Fausto ha abandonado el estudio parsimonioso y el amor suave de Margarita, desde que trata con cierto personaje recién aportado al pueblo: un hombre de sospechosa parla, que desordena el vecindario con prestigios de invención diabólica, señalados por más de un detalle arlequinesco.
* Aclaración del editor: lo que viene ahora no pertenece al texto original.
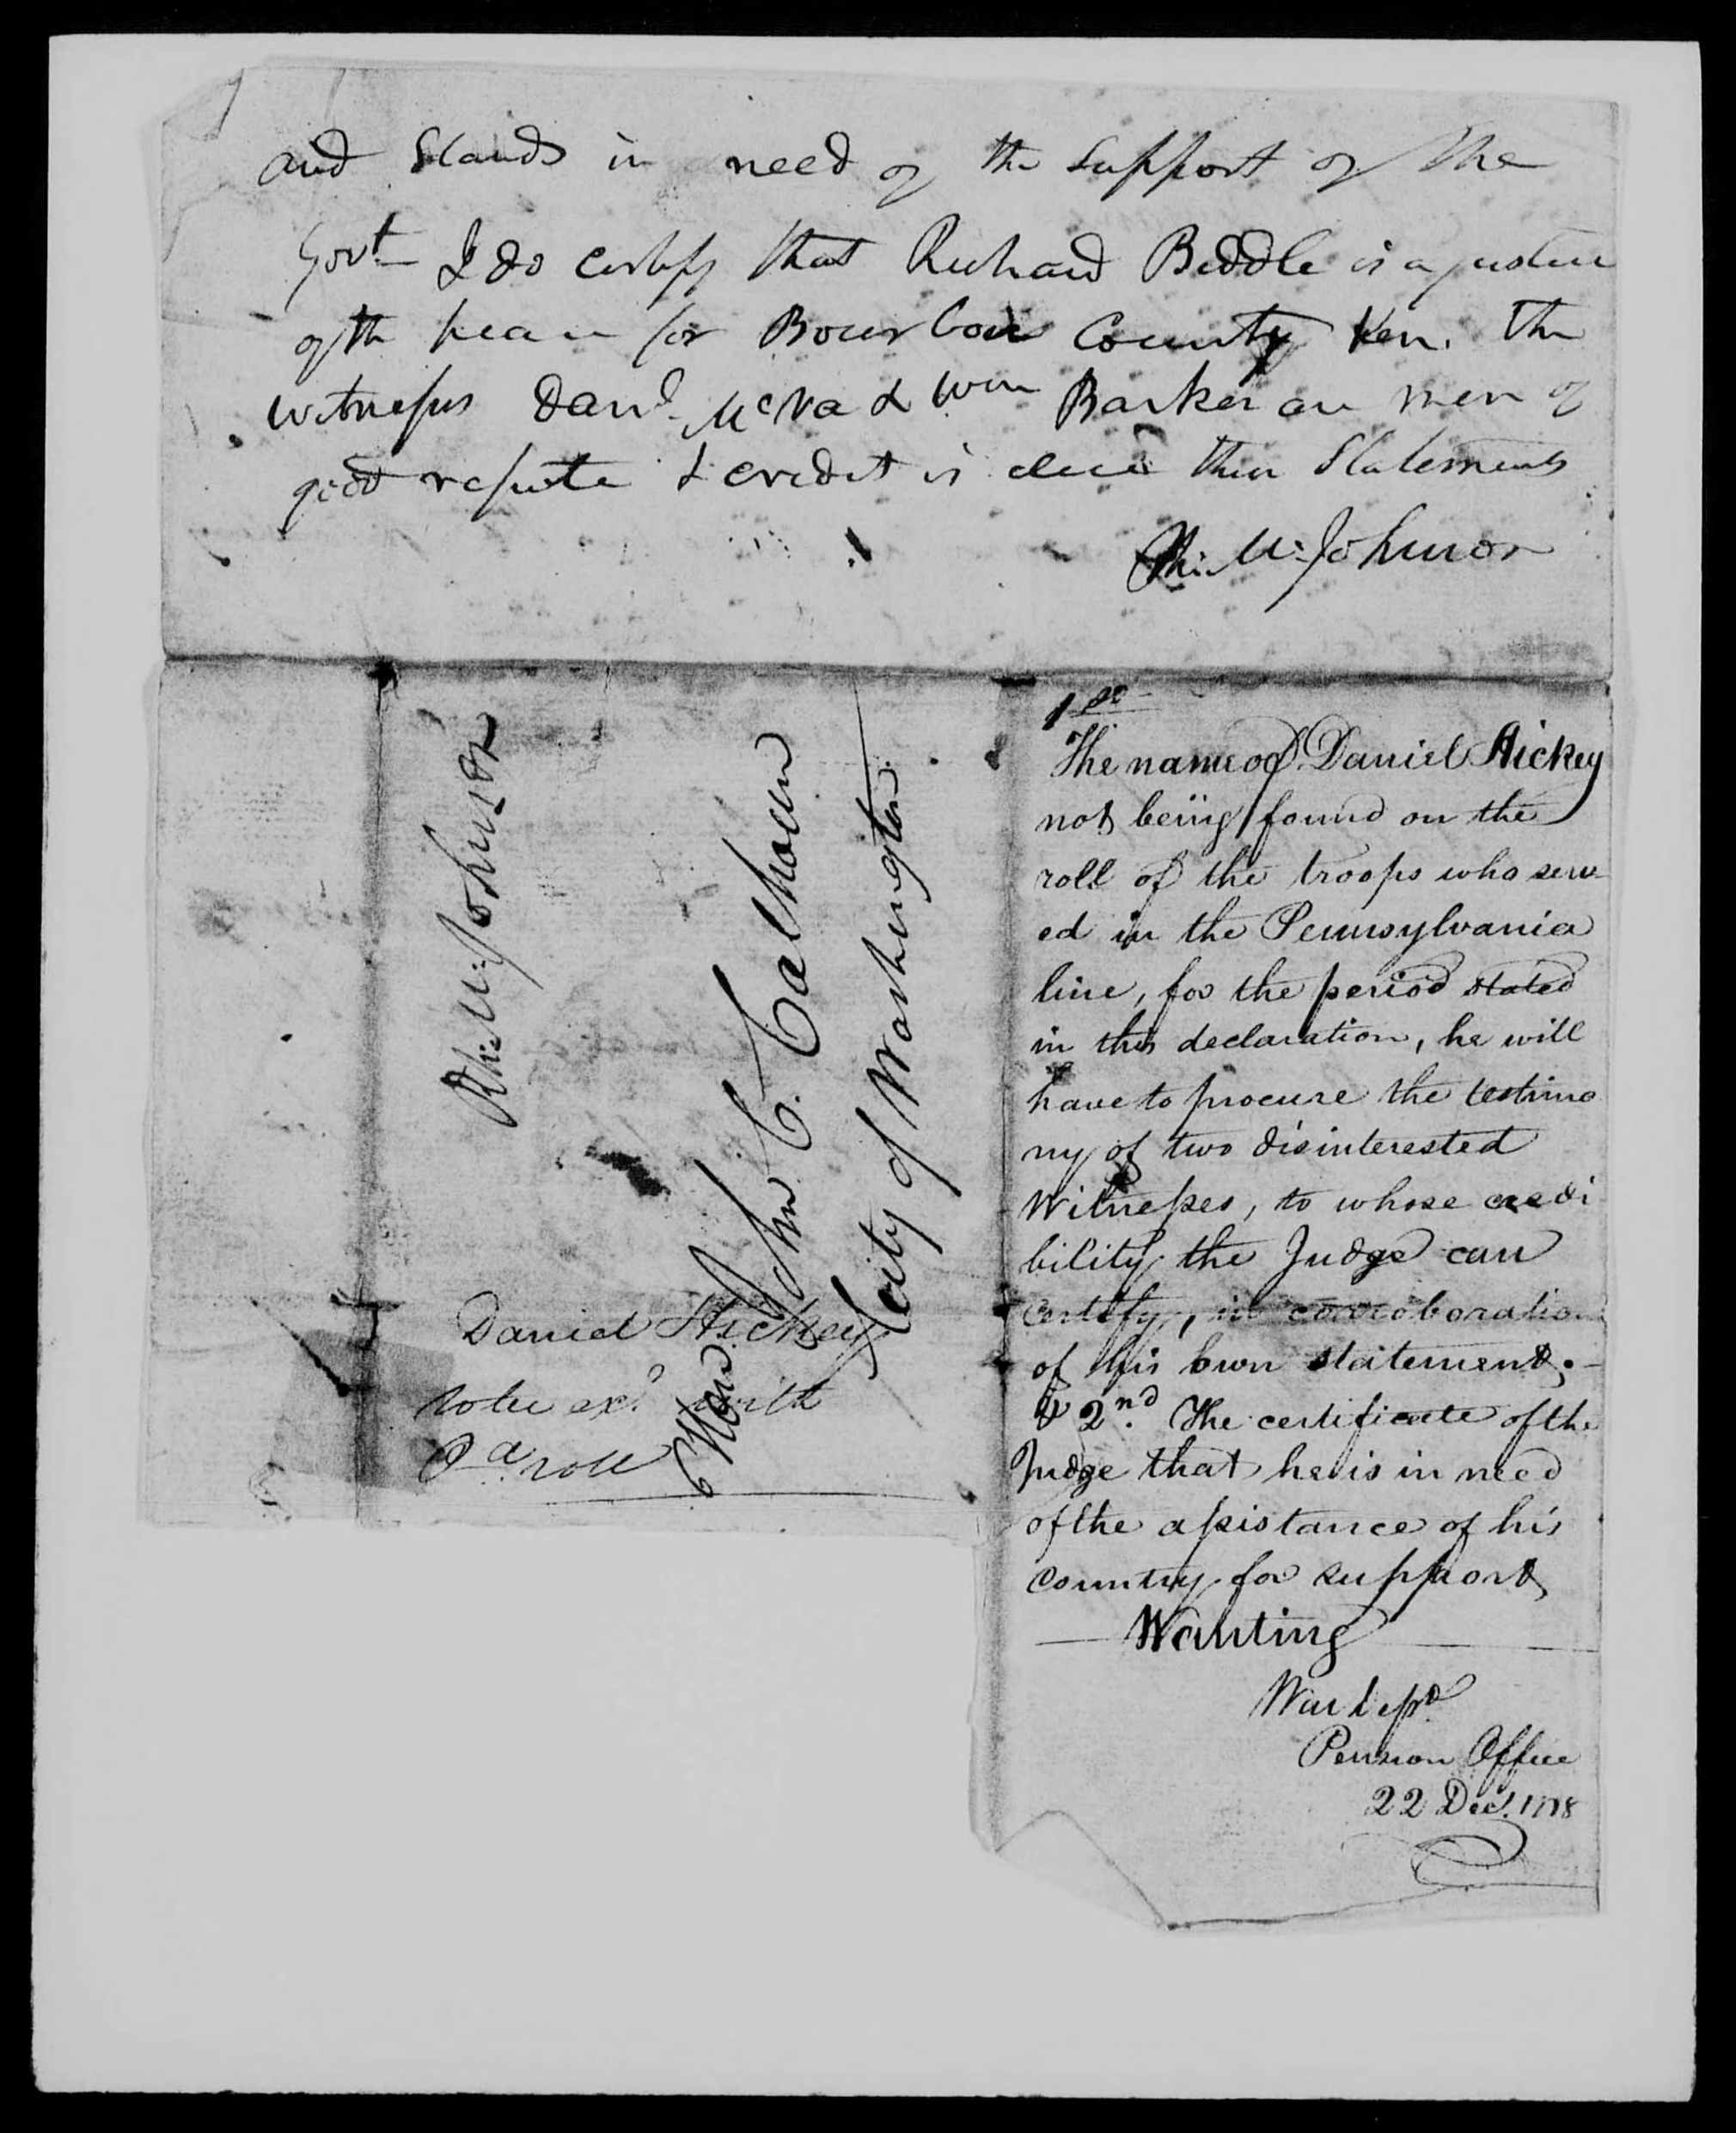and stands in need of the support of the
Govt. I do certify that Richard Biddle is a justice
of the peace for Bourbon County Ken. the
witnesses Danl Mc Va & Wm Barker are men of
good repute & credit is due their statements
Rhi. Mc. Johnson
Hon John C. Calhoun
City of Washington
Daniel Hickey rotec ex. with Pa. roll
1st 
The name of Daniel Hickey
not being found on the
roll of the troops who served in the Pennsylvania line, for the period stated
in this declaration, he will
have to procure the testimony of two disinterested Witnesses, to whose credibility the Judge can certify, in corroboration of
of his own statement.
& 2nd The certificate of the
Judge that he is in need
of the assistance of his
County for support
Wanting
War Dept
Pension Office
22 Dec 1818

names: Rh M Johsnon, John C Calhoun, Daniel Hickey, Danl Mc Va, Richard Beddle, Rh M Johsnon, Wm Barker, Daniel Hickey
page: 12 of 84
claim: widow's
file: W. 7744, Daniel Hickey, Penn.

Él propone a Fausto las interrogaciones últimas, inspirándole una curiosidad descontenta y soberbia, habilitándolo con máximas feroces, enemigas de contemplaciones y respetos. Fausto lo rechaza de su trato y amistad con términos violentos, proferidos en la abrupta cima, redoblados por los ecos temerosos del precipicio; y el seductor se retira gesticulando grandiosamente y sin compás, obstinado en visajes y maniobras de truhán. Parte confiado en la germinación de su influjo malsano.

Fausto prueba a aliviar con el viaje distante, dividido en peligros y orgías, la enfermedad de aquel ideal orgulloso, infundida por la ciencia; pero encuentra la desesperanza al cabo de las nuevas emociones. Solicita las vivaces comarcas meridionales; atraviesa, menos que fugitivo, un reino tenebroso, obseso de la matanza y de la hoguera, de alma sacerdotal con vistas a la muerte, y renegado del esfuerzo y de la vida.

Pero llega finalmente a un país elíseo donde los mirtos y los laureles, criados bajo un cielo primaveral, tremolan al paso del aire melodioso y montan guardia al lado y en torno de los mármoles ejemplares y de las ruinas sempiternas. Descansa en una ciudad quimérica, de lagunas y palacios, visitada por las aves; y deja entonces la investigación desconsolada. Crédulo en la mayor veracidad de los símbolos del arte, espera dar con una explicación musical y sintética del universo.